L’oro dei Medici, pubblicato con Tea, è un romanzo storico che Patrizia Debicke sceglie di ambientare, almeno in parte, a bordo di una nave, nella fattispecie un’imbarcazione della flotta granducale, da guerra.
Un rischio e un ulteriore livello di difficoltà. Una sfida che l’autrice sembra aver voluto lanciare a se stessa. Il linguaggio e la parlata propri del Cinquecento in un contesto ancor più arduo.
Il lavoro di documentazione che certamente la Debicke ha fatto, unitamente a un’attenta verifica, hanno comunque dato buoni frutti.
Il linguaggio, seppur preciso e tecnico, non risulta ostico o stucchevole. È attento, elaborato, ma fluido e scorre bene come l’intera vicenda narrata.

Persiste anche in questo lavoro letterario la descrizione dettagliata e minuziosa, anche anatomica, dei protagonisti e la sottolineatura della loro prestanza fisica, la virilità, la forza di valorosi condottieri, uomini forti e determinati. Descrizioni che ne enfatizzano le caratteristiche generali e accentuano l’aspetto deciso e perentorio del loro essere e del loro volere. Uomini blasonati, avvezzi al comando, alla servitù e ai privilegi.

La Debicke ha studiato molto e in maniera approfondita il periodo in cui ha deciso di ambientare i suoi romanzi storici. Leggendo i libri di colei che più volte e a buon diritto è stata indicata come “la signora del Cinquecento”, traspare l’impegno profuso e la cura per ogni dettaglio, che sia di interesse storico artistico architettonico o linguistico.
Eppure riesce l’autrice, nei suoi libri e attraverso le sue storie, ad attualizzare, per così dire, le vicende come anche i protagonisti i quali, pur essendo perfettamente inseriti nel contesto storico di riferimento, sembrano avere sempre un qualcosa che li avvicina e li accomuna agli uomini e alle donne, ai governanti e alla popolazione, ai benestanti come agli indigenti di oggi.

Il Cinquecento raccontato ne L’oro dei Medici, come anche negli altri romanzi di Patrizia Debicke, è un mondo, il mondo visto dall’aristocrazia, dai principi, dai cardinali, dai pontefici. Nel quale i componenti tutti i livelli inferiori della popolazione vivono le loro esistenze, quando va bene, di riflesso, quando va male, in condizione di completa precarietà e abbandono.
D’altronde è esattamente questo il mondo cinquecentesco che è passato alla Storia attraverso libri, scritti e opere d’arte. Fu solo a cavallo tra 1500 e 1600 infatti che Annibale Carracci, per fare un esempio, compì la sua grande e personale rivoluzione nella pittura: la rappresentazione della vita quotidiana di bassa estrazione come opera d’arte. Il suo Bottega del macellaio è tra le opere più famose al riguardo. Ancor più audace, controversa ed estrema la rivoluzione portata avanti da Michelangelo Merisi, ovvero Caravaggio.

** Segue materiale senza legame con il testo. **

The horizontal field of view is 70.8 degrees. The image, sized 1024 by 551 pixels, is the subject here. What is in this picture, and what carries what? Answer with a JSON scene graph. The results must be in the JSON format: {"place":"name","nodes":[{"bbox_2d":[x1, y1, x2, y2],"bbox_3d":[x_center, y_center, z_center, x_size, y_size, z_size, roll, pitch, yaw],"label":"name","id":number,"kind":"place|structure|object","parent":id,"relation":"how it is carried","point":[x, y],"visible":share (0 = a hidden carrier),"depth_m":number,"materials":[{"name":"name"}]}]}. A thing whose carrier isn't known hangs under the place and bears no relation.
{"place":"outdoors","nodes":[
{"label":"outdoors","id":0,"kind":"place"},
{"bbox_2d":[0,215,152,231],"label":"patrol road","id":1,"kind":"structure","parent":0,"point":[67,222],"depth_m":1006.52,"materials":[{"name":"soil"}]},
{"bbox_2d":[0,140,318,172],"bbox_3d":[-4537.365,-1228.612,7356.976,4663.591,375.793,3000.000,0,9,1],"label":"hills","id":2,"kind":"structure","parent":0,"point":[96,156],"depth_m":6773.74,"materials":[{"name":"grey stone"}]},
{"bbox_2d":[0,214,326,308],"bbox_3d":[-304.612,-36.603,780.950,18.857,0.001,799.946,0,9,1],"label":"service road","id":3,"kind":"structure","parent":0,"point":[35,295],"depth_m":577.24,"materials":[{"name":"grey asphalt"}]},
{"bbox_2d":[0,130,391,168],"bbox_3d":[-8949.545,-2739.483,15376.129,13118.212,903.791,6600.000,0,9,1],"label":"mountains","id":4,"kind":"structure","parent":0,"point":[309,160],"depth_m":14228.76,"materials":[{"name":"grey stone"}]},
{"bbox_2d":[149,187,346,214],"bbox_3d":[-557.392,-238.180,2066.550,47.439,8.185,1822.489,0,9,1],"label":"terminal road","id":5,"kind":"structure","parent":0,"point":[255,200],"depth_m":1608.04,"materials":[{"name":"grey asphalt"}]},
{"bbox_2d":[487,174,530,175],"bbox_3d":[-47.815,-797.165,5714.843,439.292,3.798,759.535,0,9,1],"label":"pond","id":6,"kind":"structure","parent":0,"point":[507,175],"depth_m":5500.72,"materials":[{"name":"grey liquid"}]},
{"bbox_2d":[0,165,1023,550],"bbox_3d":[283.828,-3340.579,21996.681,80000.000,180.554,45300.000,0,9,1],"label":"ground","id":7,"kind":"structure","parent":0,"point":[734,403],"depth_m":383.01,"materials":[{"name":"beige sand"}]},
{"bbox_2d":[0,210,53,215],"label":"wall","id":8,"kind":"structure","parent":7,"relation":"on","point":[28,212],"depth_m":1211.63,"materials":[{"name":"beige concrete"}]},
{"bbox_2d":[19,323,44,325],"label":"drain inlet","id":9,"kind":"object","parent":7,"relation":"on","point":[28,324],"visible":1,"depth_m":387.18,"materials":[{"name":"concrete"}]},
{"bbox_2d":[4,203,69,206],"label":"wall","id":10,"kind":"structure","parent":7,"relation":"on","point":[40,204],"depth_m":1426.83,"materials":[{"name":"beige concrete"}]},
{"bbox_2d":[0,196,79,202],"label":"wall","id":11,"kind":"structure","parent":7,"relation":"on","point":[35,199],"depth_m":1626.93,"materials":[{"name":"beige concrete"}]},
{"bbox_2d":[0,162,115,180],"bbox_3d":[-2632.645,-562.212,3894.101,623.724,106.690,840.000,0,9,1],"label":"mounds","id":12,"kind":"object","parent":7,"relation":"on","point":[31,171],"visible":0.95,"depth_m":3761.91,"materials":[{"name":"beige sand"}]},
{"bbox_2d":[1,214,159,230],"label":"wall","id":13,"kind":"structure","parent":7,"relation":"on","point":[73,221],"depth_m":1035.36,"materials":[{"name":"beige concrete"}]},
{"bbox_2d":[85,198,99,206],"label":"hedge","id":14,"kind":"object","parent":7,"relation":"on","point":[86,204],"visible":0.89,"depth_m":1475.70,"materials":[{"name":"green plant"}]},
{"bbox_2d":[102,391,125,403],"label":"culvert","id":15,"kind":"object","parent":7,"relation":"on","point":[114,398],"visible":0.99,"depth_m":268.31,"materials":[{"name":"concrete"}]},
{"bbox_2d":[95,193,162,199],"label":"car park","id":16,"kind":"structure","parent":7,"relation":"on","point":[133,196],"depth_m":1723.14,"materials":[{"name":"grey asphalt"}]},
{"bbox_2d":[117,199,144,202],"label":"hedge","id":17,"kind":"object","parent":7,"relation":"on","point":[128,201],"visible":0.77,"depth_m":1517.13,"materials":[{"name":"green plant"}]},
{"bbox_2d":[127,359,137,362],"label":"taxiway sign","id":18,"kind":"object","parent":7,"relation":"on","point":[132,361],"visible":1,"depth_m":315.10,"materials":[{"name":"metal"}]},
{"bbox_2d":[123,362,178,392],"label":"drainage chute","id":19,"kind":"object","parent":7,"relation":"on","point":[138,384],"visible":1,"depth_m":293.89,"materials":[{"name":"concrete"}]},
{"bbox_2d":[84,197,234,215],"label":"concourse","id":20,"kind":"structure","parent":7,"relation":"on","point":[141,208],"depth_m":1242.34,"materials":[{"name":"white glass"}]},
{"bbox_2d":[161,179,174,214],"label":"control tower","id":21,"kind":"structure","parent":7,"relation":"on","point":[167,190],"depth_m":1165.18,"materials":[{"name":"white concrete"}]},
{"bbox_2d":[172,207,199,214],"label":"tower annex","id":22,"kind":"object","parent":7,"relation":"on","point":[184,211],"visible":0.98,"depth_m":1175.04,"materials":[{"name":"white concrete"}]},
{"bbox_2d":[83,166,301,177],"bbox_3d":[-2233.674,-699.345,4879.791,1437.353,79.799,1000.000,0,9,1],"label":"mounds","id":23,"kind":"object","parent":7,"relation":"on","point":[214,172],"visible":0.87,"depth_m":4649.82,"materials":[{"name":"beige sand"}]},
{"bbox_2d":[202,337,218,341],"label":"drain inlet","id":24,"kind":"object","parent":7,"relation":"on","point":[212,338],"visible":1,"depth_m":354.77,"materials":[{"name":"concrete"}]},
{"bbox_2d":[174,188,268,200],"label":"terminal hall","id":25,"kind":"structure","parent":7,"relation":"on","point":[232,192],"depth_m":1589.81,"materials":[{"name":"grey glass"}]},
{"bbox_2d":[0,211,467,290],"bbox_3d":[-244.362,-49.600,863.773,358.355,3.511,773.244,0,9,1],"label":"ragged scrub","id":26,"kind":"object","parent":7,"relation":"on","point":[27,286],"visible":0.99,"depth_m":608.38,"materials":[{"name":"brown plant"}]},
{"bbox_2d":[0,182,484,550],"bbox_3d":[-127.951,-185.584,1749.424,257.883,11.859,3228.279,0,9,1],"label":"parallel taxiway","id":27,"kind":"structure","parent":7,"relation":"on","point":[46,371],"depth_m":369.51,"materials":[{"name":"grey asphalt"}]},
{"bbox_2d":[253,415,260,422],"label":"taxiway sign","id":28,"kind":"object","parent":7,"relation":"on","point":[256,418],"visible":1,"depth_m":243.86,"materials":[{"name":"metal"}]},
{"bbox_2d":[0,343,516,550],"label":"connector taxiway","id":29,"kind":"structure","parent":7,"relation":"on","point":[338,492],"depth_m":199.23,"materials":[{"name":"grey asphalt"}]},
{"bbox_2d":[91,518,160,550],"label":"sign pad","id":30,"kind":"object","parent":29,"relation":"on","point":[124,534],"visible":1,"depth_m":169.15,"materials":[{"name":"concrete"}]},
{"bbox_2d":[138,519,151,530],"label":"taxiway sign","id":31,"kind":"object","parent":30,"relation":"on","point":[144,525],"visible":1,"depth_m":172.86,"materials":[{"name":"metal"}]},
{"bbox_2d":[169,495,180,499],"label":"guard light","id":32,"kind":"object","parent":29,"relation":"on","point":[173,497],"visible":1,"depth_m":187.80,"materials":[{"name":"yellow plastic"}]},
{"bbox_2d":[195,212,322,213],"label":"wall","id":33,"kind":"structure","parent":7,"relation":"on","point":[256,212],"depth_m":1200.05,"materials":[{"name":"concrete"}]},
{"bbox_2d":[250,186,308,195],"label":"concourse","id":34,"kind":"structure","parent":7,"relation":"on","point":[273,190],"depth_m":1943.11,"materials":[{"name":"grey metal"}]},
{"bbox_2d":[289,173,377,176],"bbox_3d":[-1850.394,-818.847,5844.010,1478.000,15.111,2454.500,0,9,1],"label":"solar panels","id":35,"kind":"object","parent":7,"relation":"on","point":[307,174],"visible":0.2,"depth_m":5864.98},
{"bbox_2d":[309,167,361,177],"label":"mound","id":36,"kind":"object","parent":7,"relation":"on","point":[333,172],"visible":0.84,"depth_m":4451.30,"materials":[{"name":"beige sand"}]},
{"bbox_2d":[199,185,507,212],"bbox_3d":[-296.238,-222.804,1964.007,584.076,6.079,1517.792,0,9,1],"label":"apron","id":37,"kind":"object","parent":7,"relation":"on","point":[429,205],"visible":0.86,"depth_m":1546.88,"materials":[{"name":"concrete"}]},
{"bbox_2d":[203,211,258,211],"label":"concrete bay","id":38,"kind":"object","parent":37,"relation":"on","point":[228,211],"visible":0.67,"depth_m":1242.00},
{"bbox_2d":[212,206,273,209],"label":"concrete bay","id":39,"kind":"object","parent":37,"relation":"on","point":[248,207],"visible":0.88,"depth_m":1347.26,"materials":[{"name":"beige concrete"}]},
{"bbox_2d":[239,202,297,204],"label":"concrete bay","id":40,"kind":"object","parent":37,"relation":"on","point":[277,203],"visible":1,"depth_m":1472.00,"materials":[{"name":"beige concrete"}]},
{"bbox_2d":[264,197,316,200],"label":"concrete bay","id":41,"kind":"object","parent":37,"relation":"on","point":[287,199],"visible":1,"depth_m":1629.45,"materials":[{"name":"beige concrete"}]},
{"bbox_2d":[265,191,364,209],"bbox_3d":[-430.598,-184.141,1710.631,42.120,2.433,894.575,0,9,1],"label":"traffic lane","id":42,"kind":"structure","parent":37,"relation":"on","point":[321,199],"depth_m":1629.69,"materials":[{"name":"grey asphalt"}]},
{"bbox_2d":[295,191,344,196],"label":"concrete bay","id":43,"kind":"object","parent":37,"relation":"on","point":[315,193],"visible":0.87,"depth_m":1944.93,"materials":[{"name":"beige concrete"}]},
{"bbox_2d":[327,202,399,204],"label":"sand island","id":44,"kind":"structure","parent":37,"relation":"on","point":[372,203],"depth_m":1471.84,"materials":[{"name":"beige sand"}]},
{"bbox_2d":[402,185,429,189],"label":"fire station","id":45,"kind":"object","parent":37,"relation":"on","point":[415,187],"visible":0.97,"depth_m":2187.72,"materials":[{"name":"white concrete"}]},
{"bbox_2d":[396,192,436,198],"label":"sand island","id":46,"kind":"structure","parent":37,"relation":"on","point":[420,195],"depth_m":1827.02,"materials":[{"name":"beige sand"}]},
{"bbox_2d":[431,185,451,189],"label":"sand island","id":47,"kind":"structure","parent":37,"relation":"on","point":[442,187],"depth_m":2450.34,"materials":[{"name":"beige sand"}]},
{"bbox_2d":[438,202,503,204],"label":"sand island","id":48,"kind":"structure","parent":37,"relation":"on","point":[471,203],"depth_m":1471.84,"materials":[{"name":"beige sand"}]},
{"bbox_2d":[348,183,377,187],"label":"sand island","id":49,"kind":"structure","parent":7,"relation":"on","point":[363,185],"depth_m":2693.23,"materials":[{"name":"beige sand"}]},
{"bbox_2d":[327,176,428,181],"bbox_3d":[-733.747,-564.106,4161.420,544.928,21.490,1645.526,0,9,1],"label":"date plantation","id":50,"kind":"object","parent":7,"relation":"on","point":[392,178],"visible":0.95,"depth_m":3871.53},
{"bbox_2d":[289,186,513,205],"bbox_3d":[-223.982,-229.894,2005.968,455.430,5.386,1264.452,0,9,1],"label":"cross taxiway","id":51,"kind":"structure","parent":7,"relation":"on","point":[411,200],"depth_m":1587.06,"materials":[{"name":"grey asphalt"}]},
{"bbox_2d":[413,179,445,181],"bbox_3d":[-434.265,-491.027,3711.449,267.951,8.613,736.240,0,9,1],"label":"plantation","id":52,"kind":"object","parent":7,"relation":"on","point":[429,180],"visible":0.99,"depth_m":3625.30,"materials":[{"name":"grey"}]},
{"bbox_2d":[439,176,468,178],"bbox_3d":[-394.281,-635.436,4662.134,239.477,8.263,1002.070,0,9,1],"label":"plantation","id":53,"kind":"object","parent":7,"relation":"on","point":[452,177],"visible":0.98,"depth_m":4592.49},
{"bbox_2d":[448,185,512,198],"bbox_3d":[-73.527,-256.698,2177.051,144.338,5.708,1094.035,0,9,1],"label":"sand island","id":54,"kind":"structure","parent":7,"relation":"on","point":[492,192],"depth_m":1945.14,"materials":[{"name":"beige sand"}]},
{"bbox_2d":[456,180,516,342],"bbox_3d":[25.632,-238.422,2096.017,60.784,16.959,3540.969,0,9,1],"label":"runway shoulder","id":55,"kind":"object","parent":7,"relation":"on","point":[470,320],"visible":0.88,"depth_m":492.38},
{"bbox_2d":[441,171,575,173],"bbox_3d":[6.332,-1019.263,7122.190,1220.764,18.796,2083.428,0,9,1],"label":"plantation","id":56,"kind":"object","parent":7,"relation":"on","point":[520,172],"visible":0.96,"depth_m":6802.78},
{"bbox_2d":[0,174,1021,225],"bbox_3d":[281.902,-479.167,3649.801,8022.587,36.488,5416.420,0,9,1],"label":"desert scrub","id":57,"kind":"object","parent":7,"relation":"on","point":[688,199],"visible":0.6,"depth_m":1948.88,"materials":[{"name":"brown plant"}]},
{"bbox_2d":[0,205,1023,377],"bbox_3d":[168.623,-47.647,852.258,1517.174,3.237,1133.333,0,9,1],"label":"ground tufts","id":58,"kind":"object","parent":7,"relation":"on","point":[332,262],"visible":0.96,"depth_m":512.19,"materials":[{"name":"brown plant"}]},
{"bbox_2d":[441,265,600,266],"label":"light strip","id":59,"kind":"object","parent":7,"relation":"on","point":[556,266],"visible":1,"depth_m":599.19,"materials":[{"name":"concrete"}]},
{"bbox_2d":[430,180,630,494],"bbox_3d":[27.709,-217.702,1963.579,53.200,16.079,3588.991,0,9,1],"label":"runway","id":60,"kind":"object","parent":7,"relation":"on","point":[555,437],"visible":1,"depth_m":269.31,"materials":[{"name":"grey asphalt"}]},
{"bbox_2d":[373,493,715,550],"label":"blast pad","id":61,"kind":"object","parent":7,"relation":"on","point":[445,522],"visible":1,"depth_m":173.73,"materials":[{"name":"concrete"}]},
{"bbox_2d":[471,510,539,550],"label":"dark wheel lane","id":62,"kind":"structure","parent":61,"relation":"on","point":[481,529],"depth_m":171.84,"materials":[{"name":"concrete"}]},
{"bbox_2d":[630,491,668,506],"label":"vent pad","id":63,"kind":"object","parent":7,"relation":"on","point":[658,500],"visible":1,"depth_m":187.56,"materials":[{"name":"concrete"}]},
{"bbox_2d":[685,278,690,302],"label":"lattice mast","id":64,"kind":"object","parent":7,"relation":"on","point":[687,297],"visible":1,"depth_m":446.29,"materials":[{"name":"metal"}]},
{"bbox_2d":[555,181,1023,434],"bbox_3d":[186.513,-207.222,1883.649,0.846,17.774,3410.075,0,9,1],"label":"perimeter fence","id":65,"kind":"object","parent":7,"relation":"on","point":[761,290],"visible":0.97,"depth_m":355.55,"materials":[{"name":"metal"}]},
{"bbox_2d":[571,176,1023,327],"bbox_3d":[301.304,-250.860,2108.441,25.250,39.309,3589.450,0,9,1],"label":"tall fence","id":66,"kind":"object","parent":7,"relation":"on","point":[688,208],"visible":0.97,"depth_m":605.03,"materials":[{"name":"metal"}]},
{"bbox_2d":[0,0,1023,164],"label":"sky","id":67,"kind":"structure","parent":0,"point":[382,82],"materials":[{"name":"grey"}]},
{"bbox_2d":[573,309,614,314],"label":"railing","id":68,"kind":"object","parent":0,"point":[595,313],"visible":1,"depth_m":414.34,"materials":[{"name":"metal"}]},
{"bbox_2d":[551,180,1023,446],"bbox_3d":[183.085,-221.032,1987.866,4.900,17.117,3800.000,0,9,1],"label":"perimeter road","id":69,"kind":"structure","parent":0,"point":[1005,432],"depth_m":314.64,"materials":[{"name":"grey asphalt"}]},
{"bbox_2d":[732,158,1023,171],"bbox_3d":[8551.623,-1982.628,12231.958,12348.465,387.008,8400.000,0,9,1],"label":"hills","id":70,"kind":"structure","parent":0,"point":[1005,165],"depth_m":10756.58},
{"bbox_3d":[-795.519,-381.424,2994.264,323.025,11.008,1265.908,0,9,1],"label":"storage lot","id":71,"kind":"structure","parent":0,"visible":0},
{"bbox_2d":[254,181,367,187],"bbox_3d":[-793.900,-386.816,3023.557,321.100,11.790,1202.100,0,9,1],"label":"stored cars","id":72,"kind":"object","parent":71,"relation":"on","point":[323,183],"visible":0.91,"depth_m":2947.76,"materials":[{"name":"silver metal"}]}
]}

Questa volta la Debicke ha scelto come protagonista un personaggio che è anche un cliché: Don Giovanni. Il suo appartiene alla famiglia de’ Medici, figlio naturale di Cosimo I ed Eleonora Albizzi, legittimato per volere del padre. Un vero Don Giovanni di nome e di fatto. Ma l’autrice è riuscita a renderlo di gran lunga più interessante raccontando di un uomo e delle sue “conquiste” amorose certo ma anche dei suoi principi, dei sentimenti, del coraggio e del rispetto che si conquista con l’onore e il valore e non solo e non tanto con il denaro e i titoli nobiliari.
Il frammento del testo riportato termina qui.